On January 20, 2024, it was announced that Gay would be joining the University of Texas coaching staff as a defensive analyst. However, on February 15, 2024, he was hired as assistant defensive backs coach for the Washington Commanders.
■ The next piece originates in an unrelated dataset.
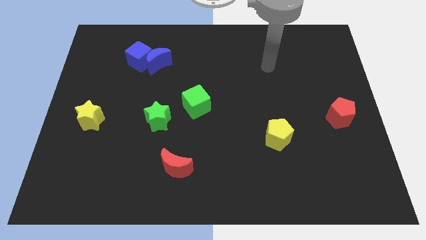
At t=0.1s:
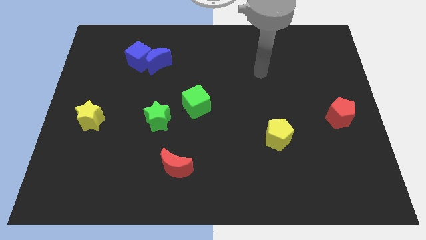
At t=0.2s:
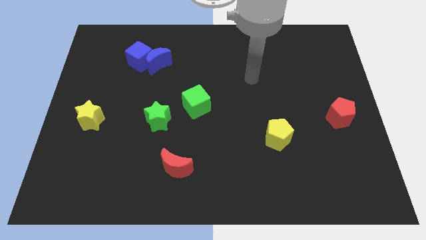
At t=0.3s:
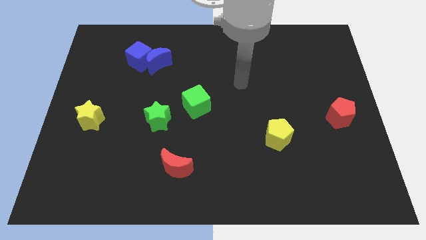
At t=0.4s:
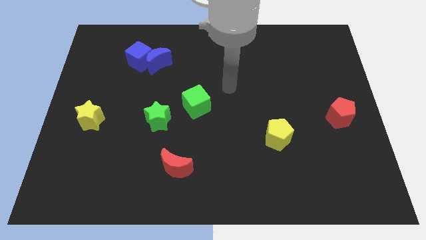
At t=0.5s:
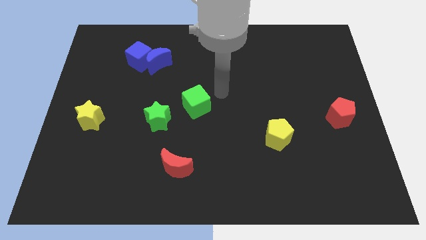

He was promoted to cornerbacks coach in February 2026.

==Personal life==
Gay's mother was murdered in a domestic violence incident when he was eight years old. While she was at a friend's house shortly after leaving, her boyfriend arrived at the friend's house and shot her three times. The boyfriend then went back to his car and killed himself. In an effort to keep them together his grandmother took the brothers in and raised them.As of August 2015. Gay was inducted into the Kentucky Pro Football Hall of Fame in 2017. From 2018 to 2020, Gay was engaged to Olympic gold medalist sprinter Natasha Hastings, the cousin of former Trinidad and Tobago international goalkeeper Shaka Hislop; Gay and Hastings have a son together.